(Given data begins)

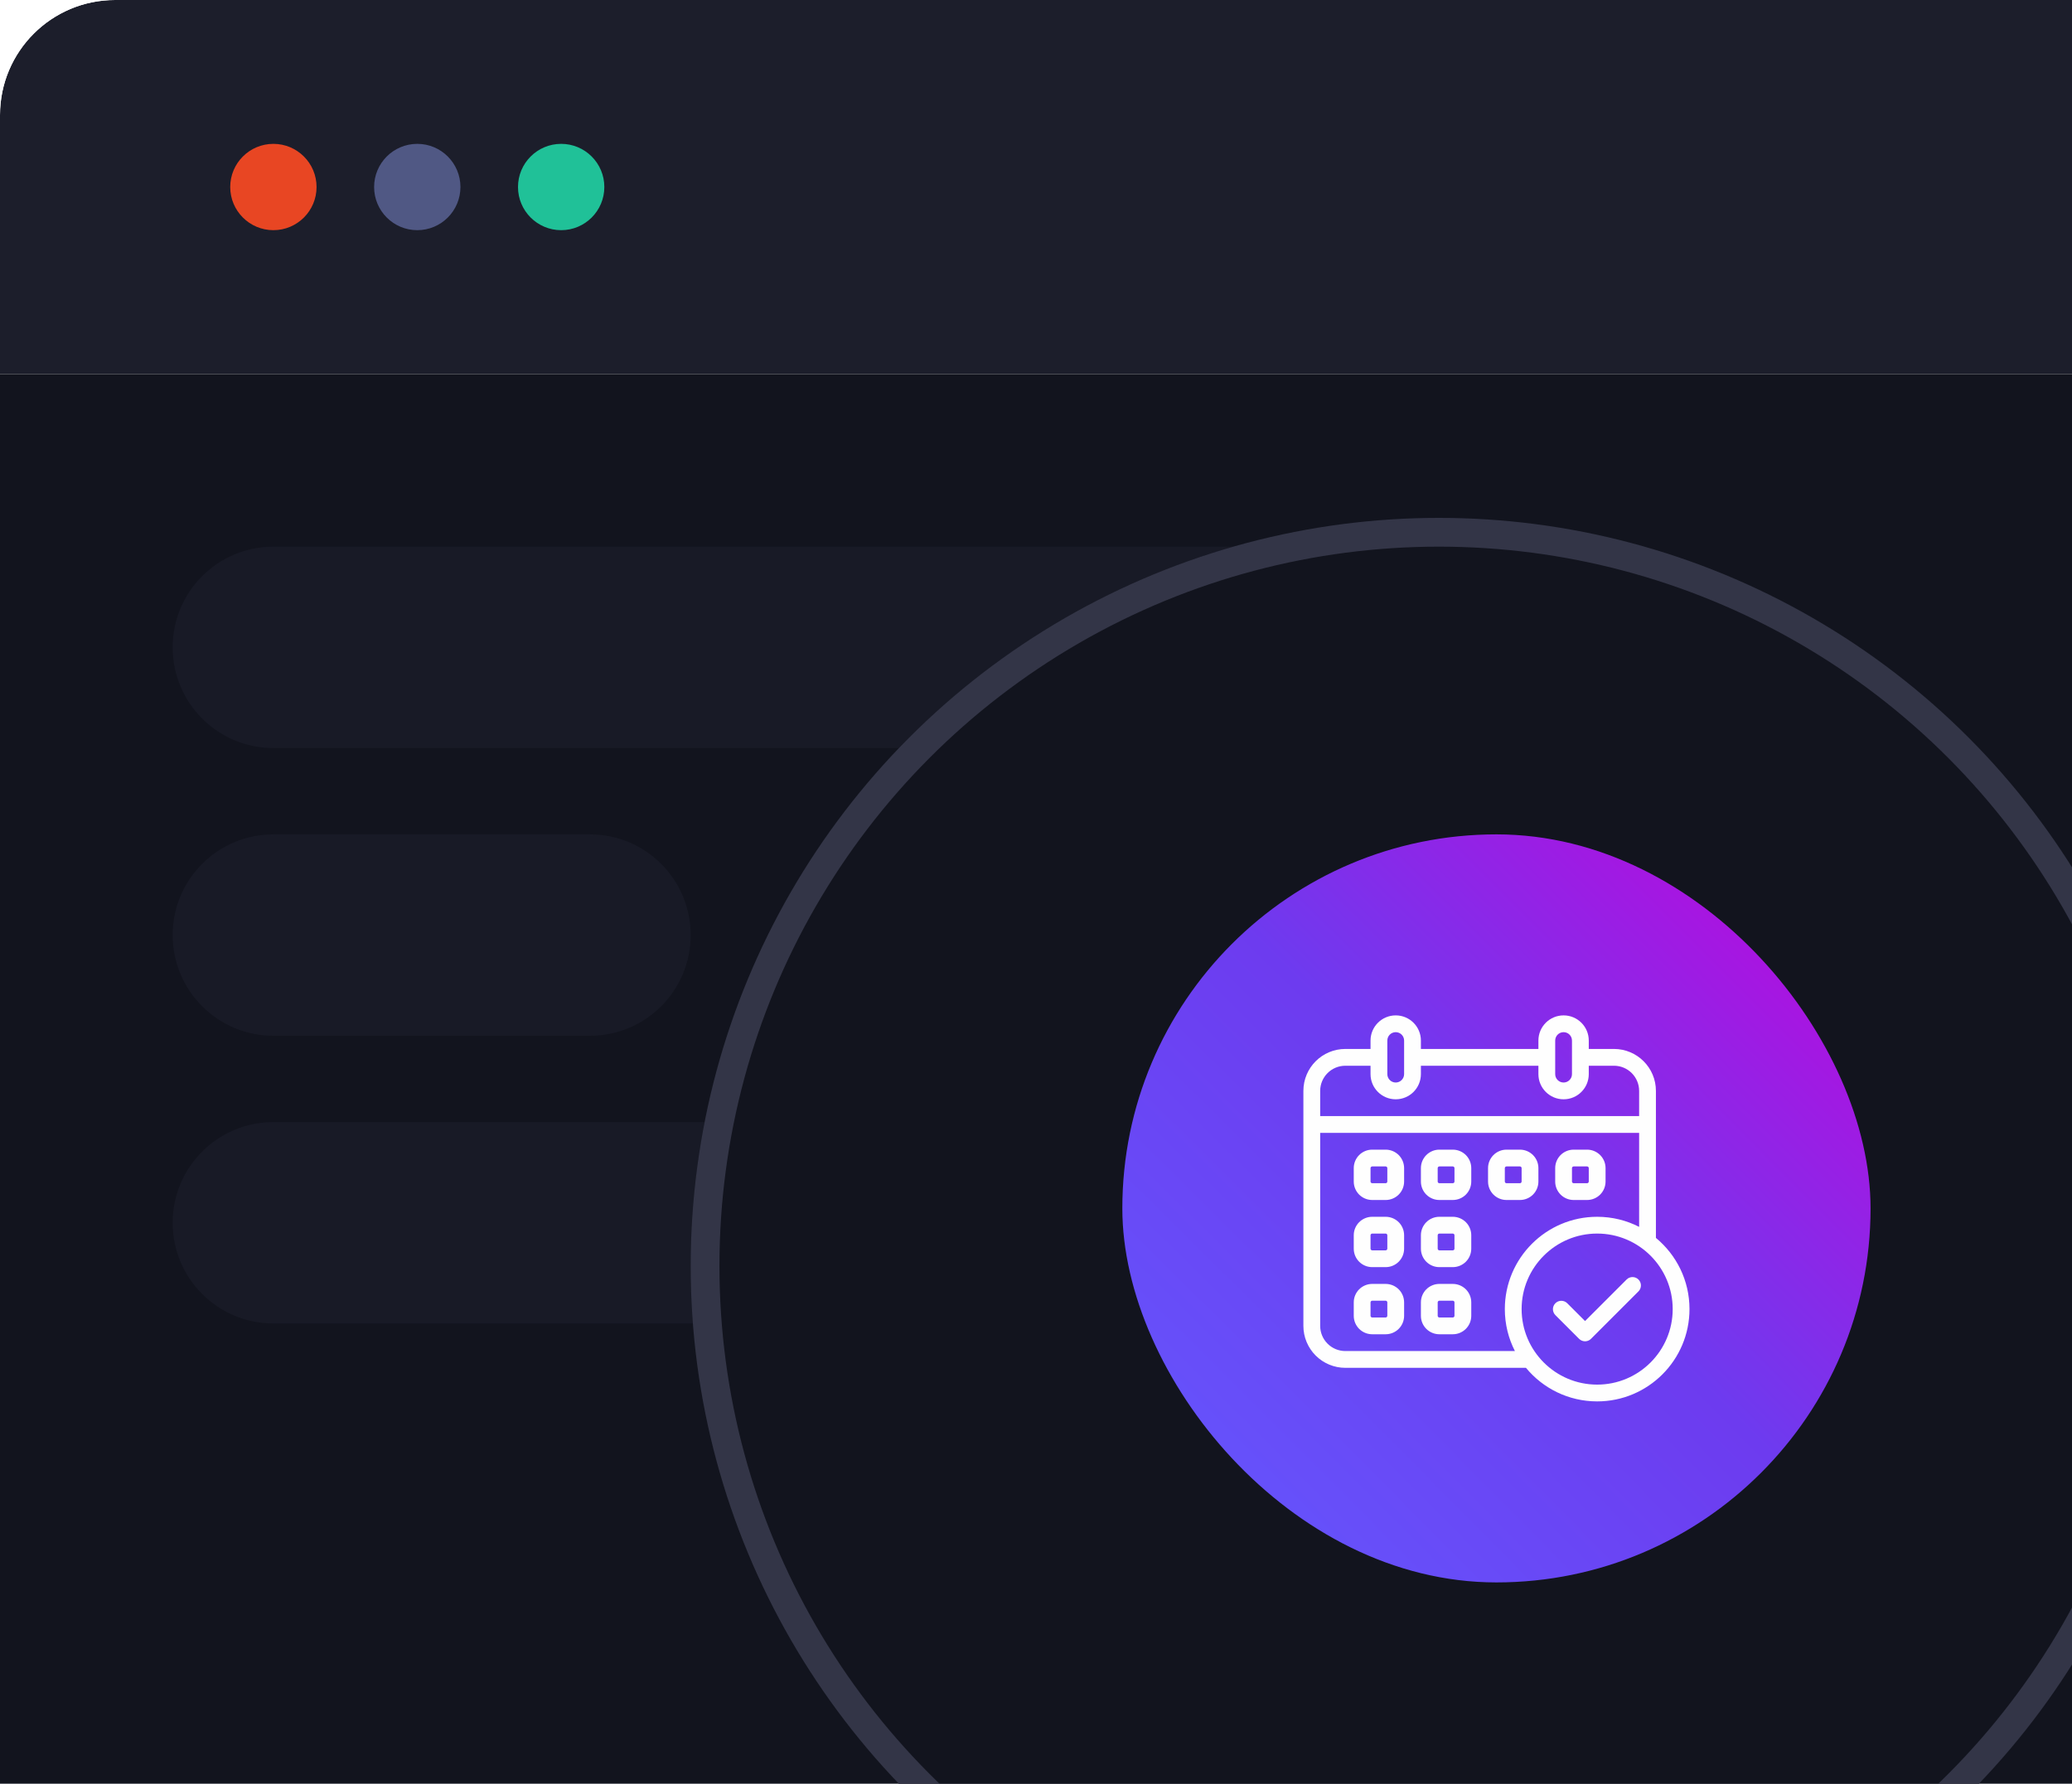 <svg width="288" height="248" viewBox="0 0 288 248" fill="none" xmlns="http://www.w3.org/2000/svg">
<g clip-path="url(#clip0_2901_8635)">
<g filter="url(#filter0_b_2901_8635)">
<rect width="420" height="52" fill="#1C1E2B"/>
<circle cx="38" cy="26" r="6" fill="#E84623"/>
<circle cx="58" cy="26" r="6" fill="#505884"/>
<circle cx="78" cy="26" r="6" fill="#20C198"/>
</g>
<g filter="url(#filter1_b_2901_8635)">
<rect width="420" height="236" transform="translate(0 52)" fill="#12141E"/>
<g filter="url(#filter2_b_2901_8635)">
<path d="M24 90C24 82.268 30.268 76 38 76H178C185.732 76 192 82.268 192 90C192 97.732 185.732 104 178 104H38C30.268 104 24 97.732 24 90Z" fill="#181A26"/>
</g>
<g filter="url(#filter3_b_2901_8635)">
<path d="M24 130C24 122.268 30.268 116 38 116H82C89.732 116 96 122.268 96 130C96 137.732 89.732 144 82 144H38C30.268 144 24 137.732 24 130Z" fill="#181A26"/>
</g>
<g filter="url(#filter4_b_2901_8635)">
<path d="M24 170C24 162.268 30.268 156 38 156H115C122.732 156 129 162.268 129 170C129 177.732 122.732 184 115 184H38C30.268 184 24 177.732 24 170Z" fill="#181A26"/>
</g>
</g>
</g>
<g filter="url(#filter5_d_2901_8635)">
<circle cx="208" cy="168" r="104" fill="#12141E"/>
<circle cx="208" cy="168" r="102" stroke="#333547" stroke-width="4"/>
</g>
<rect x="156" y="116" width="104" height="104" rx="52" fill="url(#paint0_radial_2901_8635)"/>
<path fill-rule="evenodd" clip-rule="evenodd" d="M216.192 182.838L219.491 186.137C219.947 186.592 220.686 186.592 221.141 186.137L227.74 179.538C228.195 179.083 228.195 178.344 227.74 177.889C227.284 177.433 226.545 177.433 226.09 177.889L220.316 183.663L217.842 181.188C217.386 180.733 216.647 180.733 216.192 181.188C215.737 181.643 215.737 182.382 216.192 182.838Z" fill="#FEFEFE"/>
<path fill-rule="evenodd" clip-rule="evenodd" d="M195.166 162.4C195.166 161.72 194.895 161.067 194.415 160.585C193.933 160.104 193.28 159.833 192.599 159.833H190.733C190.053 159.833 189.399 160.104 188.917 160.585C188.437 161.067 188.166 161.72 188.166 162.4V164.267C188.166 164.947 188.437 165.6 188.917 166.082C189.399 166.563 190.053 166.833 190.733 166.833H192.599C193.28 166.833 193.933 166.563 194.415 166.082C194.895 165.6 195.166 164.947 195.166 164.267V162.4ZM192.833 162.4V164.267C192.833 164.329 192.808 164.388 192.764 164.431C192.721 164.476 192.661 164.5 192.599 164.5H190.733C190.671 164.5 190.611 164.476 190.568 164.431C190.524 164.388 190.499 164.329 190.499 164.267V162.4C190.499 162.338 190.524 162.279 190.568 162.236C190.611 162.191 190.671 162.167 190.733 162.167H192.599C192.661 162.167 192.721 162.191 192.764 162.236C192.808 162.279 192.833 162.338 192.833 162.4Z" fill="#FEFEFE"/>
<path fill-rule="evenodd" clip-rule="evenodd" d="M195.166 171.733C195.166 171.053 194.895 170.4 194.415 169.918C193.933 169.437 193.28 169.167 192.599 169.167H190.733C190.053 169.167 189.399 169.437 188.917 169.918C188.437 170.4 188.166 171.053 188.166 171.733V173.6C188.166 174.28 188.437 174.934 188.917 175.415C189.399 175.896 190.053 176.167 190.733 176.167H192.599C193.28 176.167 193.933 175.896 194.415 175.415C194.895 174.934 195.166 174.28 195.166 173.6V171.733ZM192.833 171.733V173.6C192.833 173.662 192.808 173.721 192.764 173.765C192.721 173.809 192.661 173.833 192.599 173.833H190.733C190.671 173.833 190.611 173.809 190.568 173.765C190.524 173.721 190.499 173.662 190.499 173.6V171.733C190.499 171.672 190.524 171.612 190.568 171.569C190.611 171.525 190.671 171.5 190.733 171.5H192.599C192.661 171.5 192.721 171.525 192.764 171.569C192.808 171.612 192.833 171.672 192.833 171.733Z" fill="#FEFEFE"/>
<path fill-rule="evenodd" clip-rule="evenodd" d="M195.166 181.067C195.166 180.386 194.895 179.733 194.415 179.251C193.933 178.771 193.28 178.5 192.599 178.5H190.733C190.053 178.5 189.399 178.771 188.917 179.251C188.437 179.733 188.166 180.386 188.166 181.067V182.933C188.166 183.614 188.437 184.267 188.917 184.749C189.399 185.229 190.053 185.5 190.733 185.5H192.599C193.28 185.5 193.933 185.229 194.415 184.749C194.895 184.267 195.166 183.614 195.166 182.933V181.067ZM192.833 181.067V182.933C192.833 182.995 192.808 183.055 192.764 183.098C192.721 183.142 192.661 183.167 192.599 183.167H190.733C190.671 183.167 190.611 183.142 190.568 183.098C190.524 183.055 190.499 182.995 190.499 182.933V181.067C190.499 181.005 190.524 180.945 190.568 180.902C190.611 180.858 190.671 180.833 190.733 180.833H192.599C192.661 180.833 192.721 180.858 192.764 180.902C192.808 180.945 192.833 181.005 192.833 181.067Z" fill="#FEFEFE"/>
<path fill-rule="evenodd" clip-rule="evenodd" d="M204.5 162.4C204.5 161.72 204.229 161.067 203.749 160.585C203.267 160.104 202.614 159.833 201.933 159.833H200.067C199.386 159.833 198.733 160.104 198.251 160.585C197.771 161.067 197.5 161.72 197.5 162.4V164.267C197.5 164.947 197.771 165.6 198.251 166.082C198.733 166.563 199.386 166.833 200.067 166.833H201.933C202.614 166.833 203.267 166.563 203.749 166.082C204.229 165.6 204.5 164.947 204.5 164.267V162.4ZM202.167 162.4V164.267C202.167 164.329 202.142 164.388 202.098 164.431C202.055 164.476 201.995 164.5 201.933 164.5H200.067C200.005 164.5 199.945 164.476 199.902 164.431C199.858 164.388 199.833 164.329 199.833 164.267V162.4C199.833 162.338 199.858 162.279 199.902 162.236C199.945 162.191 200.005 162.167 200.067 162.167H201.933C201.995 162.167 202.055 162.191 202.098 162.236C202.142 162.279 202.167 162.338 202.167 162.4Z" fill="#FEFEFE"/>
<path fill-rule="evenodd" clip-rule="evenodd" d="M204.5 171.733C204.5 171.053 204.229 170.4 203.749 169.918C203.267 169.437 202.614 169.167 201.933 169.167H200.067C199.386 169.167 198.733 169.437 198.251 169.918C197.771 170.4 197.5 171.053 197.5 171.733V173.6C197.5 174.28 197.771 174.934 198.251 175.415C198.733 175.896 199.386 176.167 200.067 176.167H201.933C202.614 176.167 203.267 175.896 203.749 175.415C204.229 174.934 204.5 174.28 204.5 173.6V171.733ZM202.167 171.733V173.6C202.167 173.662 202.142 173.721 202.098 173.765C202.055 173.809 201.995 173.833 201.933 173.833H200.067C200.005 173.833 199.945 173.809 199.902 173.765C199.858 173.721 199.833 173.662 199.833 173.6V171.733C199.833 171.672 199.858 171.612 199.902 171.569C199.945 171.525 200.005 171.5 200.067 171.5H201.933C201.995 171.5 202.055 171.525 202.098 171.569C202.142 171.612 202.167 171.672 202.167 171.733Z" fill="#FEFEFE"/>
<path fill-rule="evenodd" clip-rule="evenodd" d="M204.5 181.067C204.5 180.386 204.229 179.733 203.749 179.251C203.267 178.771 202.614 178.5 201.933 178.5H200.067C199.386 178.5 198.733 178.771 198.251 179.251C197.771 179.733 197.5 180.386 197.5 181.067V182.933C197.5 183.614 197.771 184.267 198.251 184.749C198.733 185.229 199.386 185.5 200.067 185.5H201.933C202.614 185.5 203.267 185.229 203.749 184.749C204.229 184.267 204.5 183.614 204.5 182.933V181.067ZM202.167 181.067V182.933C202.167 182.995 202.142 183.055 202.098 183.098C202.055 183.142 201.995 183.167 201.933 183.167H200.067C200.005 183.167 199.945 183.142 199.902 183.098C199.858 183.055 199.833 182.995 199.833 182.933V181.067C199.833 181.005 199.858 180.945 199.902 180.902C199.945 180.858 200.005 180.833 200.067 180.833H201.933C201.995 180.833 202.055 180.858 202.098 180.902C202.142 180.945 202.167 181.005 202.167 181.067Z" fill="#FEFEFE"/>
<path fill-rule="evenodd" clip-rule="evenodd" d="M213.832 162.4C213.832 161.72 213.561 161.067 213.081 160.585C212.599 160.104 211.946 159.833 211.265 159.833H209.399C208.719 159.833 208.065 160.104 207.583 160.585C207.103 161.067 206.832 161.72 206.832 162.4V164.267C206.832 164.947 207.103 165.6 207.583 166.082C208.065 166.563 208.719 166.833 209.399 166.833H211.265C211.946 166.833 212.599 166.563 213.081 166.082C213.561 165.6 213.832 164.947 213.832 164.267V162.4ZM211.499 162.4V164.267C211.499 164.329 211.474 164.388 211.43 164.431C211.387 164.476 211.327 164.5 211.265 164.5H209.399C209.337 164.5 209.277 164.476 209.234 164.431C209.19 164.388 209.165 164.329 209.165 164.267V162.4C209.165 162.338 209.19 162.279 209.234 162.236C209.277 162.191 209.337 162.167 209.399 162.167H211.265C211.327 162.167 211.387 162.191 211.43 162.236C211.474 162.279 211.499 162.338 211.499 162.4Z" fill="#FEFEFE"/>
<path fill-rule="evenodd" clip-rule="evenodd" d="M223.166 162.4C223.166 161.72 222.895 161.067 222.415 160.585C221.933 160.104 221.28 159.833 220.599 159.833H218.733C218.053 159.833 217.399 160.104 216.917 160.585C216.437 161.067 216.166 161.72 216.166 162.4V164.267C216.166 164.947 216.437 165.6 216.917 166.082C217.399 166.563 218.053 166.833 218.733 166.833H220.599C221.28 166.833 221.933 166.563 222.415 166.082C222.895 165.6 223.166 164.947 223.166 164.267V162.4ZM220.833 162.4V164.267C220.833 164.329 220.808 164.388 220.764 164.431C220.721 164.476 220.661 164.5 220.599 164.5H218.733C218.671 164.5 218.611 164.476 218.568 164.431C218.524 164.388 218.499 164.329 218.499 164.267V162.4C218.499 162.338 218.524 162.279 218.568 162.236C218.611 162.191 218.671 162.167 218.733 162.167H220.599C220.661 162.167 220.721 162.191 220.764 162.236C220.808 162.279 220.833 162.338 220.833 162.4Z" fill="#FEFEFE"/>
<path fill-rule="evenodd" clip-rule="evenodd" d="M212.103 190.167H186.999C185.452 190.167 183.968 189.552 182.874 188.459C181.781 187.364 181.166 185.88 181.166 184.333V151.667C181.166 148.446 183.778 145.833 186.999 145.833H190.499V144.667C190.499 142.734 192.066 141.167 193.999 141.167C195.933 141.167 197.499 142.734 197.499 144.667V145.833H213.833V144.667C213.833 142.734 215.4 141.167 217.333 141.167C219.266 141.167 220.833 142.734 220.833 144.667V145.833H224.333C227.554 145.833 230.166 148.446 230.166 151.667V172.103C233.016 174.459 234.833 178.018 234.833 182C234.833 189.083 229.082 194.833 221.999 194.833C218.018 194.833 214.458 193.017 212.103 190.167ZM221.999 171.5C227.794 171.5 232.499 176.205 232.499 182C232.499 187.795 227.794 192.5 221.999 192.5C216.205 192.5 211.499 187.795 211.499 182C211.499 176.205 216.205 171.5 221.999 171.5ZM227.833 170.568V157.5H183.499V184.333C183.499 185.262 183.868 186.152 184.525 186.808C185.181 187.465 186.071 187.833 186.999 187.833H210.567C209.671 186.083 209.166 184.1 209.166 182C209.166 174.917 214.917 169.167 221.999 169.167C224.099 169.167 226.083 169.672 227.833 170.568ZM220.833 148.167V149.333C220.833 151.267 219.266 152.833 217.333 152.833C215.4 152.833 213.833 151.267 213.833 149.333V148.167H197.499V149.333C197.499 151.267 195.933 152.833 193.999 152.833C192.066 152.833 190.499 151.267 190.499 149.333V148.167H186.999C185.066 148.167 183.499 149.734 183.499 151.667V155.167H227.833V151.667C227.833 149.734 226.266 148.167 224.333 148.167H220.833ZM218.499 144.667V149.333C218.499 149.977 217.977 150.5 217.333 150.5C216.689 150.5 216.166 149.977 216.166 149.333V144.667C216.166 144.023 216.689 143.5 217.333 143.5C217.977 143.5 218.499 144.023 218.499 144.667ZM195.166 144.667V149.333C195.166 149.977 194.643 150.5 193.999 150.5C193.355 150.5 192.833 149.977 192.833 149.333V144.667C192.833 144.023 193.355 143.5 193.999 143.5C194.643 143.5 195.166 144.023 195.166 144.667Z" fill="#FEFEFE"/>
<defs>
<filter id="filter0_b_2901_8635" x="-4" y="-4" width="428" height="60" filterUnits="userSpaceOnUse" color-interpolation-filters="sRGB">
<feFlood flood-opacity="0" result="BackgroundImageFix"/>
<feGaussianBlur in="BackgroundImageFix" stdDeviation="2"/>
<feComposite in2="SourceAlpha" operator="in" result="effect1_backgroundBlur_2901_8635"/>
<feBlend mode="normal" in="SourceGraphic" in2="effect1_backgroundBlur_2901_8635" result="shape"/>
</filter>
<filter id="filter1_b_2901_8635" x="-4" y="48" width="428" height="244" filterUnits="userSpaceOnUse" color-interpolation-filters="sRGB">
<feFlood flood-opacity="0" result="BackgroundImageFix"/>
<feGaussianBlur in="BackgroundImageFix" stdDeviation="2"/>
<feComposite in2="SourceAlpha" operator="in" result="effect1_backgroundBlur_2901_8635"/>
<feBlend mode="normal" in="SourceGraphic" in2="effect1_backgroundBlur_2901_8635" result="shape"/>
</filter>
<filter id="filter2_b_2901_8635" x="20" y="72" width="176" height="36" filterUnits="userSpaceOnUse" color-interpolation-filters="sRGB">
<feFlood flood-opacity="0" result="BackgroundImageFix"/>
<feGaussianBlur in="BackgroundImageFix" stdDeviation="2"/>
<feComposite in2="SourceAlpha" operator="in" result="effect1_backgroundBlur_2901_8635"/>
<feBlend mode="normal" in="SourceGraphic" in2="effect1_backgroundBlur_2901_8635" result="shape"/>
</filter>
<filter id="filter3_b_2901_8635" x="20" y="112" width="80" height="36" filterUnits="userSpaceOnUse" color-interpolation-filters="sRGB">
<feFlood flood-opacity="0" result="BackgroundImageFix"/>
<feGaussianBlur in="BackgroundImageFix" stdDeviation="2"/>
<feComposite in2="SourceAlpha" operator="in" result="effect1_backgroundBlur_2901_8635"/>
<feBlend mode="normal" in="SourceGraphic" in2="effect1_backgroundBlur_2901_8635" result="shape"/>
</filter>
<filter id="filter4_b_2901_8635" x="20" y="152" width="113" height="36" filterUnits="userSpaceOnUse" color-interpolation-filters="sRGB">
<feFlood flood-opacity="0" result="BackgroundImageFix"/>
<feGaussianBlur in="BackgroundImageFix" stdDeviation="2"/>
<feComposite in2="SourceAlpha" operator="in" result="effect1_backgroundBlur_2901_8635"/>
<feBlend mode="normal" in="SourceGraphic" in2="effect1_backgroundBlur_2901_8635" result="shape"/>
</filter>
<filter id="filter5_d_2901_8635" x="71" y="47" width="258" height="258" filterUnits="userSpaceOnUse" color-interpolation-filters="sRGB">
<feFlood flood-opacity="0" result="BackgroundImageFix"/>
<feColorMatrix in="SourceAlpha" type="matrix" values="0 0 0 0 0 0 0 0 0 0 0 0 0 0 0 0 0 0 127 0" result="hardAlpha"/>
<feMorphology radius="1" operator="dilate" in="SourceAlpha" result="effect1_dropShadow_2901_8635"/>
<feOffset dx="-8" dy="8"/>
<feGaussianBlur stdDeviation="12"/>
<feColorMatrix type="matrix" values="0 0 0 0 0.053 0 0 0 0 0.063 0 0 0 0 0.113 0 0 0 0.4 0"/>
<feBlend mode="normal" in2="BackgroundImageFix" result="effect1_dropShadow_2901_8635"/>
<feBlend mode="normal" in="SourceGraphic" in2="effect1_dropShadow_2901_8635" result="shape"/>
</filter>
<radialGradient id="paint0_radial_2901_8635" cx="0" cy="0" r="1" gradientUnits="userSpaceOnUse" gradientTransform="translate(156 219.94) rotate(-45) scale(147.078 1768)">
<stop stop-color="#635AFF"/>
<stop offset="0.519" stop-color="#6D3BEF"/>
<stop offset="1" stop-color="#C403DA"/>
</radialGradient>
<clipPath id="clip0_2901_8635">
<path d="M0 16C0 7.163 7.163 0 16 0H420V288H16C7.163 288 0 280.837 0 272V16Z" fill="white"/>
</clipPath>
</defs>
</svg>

(Given data ends)

Exercise objective =>
What you return must match the lines from the top of the data through the line with "182.838L219.491 186.137C219.947 186.592" exactly, with the pictures removed.

Expected output =>
 <svg width="288" height="248" viewBox="0 0 288 248" fill="none" xmlns="http://www.w3.org/2000/svg">
<g clip-path="url(#clip0_2901_8635)">
<g filter="url(#filter0_b_2901_8635)">
<rect width="420" height="52" fill="#1C1E2B"/>
<circle cx="38" cy="26" r="6" fill="#E84623"/>
<circle cx="58" cy="26" r="6" fill="#505884"/>
<circle cx="78" cy="26" r="6" fill="#20C198"/>
</g>
<g filter="url(#filter1_b_2901_8635)">
<rect width="420" height="236" transform="translate(0 52)" fill="#12141E"/>
<g filter="url(#filter2_b_2901_8635)">
<path d="M24 90C24 82.268 30.268 76 38 76H178C185.732 76 192 82.268 192 90C192 97.732 185.732 104 178 104H38C30.268 104 24 97.732 24 90Z" fill="#181A26"/>
</g>
<g filter="url(#filter3_b_2901_8635)">
<path d="M24 130C24 122.268 30.268 116 38 116H82C89.732 116 96 122.268 96 130C96 137.732 89.732 144 82 144H38C30.268 144 24 137.732 24 130Z" fill="#181A26"/>
</g>
<g filter="url(#filter4_b_2901_8635)">
<path d="M24 170C24 162.268 30.268 156 38 156H115C122.732 156 129 162.268 129 170C129 177.732 122.732 184 115 184H38C30.268 184 24 177.732 24 170Z" fill="#181A26"/>
</g>
</g>
</g>
<g filter="url(#filter5_d_2901_8635)">
<circle cx="208" cy="168" r="104" fill="#12141E"/>
<circle cx="208" cy="168" r="102" stroke="#333547" stroke-width="4"/>
</g>
<rect x="156" y="116" width="104" height="104" rx="52" fill="url(#paint0_radial_2901_8635)"/>
<path fill-rule="evenodd" clip-rule="evenodd" d="M216.192 182.838L219.491 186.137C219.947 186.592 220.686 186.592 221.141 186.137L227.74 179.538C228.195 179.083 228.195 178.344 227.74 177.889C227.284 177.433 226.545 177.433 226.09 177.889L220.316 183.663L217.842 181.188C217.386 180.733 216.647 180.733 216.192 181.188C215.737 181.643 215.737 182.382 216.192 182.838Z" fill="#FEFEFE"/>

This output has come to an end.